Dokter Perempuan RSUD BDH Surabaya Jadi Korban Penganiayaan oleh Keluarga Pasien
Surabaya – Sebuah insiden tragis terjadi di RSUD Bhakti Dharma Husada (BDH) Surabaya, di mana seorang dokter perempuan, dr. Faradina, menjadi korban penganiayaan oleh seorang pasien setelah menjalani operasi. Peristiwa ini menyoroti tingkat kekerasan terhadap tenaga kesehatan yang semakin mengkhawatirkan di Indonesia.
Kejadian tersebut berlangsung pada Jumat, 25 April 2025. Usai operasi, pasien yang bernama Norliyanti merasa keluhan yang disampaikannya tidak ditanggapi dengan baik oleh dokter. Alih-alih pulang untuk beristirahat, Norliyanti kembali ke rumah sakit dengan membawa batu gragal, dan langsung menyerang dokter Faradina. Akibat serangan ini, Faradina mengalami luka berat dan harus mendapatkan perawatan intensif.
Kasus ini sudah dilaporkan ke pihak kepolisian dan saat ini tengah dalam proses persidangan di Pengadilan Negeri (PN) Surabaya. Kejadian ini menarik perhatian luas, tidak hanya dari masyarakat, tetapi juga dari berbagai pihak, termasuk pemerintah kota dan organisasi profesi.
Arif Setiawan, Plt Direktur RSUD BDH Surabaya, menyatakan bahwa Wali Kota Surabaya, Eri Cahyadi, memberikan perhatian khusus terhadap kasus ini. “Wali Kota menegaskan bahwa setiap dokter yang menjalankan tugasnya harus dilindungi. Pemkot Surabaya berkomitmen mendampingi sepenuhnya perkara ini,” ujarnya.
Dia juga berharap agar aparat penegak hukum memberikan hukuman yang setimpal atas tindakan kekerasan ini. “Kami meminta Majelis Hakim dan Jaksa Penuntut Umum untuk menangani kasus ini dengan serius dan memberikan sanksi sesuai ketentuan hukum demi keadilan bagi dr. Faradina,” tandasnya.
Pengurus Besar Ikatan Dokter Indonesia (PB IDI) turut mengecam kejadian ini. Agus Ariyanto, anggota Biro Hukum Pembinaan dan Pembelaan Anggota, menegaskan bahwa pihaknya mengutuk keras tindakan kekerasan terhadap dokter atau tenaga kesehatan lainnya. “Kekerasan bukan solusi untuk menyelesaikan masalah,” ujarnya. PB IDI mendorong agar kasus ini diselesaikan secara hukum untuk memenuhi rasa keadilan.

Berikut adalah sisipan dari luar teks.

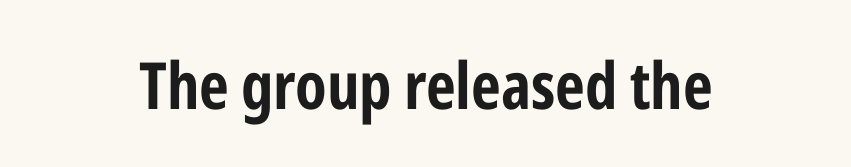
Q: Is the text italic (slanted)? A: No, it is upright.
Q: Is the typeface a serif or a sans-serif typeface? A: Sans-serif.
Q: Is the text underlined? A: No.
Q: How is the paragraph aligned? A: Centered.
Q: Is the spacing between letters normal or unusually wide? A: Normal.
Q: Width (condensed, normal, or wide)? A: Condensed.
Q: Stroke contrast? A: Low.
Q: x-height? A: Medium.
Q: Monospaced? A: No.
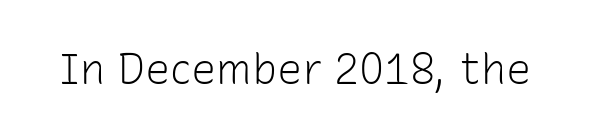
{"serif": "no", "italic": "no", "bold": "no", "weight": "light", "width": "normal", "stroke_contrast": "low", "x_height": "medium", "monospaced": "no", "underline": "no", "letter_spacing": "normal", "letter_spacing_em": 0.0, "glyph_px": 42}
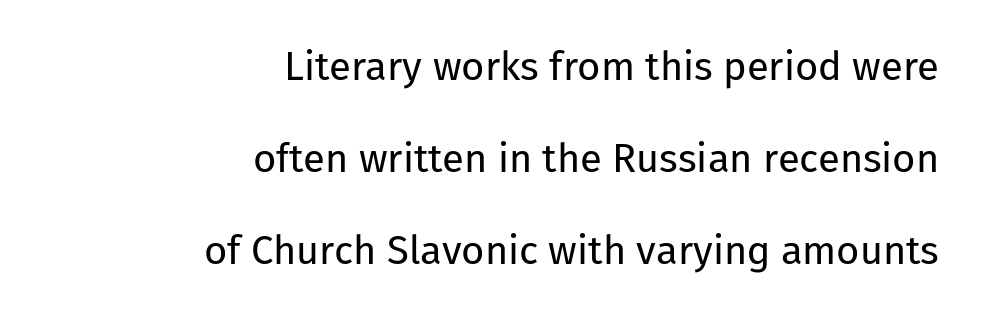
{"serif": "no", "italic": "no", "bold": "no", "weight": "regular", "width": "normal", "stroke_contrast": "low", "x_height": "medium", "monospaced": "no", "underline": "no", "align": "right", "line_spacing": "loose", "line_spacing_ratio": 2.3, "letter_spacing": "normal", "letter_spacing_em": 0.0, "glyph_px": 40}

Dari sisi pemulihan, Dedi Ismiranto, anggota BHP2A IDI Jawa Timur, menyatakan dukungan penuh untuk dr. Faradina. Dia juga meminta agar perlindungan hukum dan keamanan untuk tenaga kesehatan di seluruh fasilitas pelayanan kesehatan ditingkatkan. Hal ini penting untuk mencegah terulangnya insiden serupa di masa depan.

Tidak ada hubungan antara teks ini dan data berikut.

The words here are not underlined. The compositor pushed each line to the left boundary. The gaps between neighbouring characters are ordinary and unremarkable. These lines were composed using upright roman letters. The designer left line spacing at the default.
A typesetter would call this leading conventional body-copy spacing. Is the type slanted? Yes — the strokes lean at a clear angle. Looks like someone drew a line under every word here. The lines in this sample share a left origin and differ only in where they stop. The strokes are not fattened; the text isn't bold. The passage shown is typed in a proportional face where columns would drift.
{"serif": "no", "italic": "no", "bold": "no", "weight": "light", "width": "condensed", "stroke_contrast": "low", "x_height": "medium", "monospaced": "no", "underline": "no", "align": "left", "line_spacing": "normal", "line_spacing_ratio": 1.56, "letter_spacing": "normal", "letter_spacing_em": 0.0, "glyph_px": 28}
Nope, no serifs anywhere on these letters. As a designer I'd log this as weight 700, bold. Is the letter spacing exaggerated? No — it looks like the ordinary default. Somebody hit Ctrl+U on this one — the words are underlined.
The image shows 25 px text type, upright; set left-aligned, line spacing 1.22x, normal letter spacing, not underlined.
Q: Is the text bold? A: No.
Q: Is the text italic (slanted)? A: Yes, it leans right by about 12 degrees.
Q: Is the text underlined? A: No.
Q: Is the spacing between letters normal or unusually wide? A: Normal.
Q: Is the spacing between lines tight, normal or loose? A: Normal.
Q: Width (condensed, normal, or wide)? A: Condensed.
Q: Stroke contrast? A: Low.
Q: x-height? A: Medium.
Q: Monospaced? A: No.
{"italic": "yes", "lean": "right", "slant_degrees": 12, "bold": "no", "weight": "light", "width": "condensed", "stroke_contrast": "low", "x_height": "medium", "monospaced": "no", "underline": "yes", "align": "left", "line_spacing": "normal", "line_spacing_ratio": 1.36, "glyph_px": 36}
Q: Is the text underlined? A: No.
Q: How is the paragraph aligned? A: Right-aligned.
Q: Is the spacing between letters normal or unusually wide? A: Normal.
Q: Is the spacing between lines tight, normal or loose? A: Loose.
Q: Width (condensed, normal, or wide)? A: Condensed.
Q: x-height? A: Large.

Rudy Sapoelete, Ketua Umum Perhimpunan Dokter Ahli Hukum Kesehatan dan Kedokteran Indonesia (PERDAHUKKI), menambahkan bahwa kekerasan tidak hanya melukai korban secara fisik, tetapi juga mencederai martabat profesi kedokteran. Dia menekankan pentingnya proses hukum yang tegas terhadap pelaku penganiayaan agar terjadi efek jera. “Kami berharap masyarakat memahami bahwa dokter bekerja berdasarkan standar profesi, etika, dan disiplin ilmu,” ungkapnya.
Setiap peristiwa kekerasan terhadap tenaga kesehatan seperti ini menggambarkan kendala yang dihadapi industri kesehatan di Indonesia. Serangan terhadap tenaga medis tidak hanya berdampak pada korban tetapi juga menimbulkan ketakutan di kalangan tenaga kesehatan yang seharusnya fokus memberikan pelayanan terbaik kepada masyarakat. Penegakan hukum yang tegas menjadi kunci untuk menciptakan lingkungan yang aman bagi para profesional medis dan memastikan mereka dapat bekerja dengan tenang, demi kesehatan masyarakat yang lebih baik.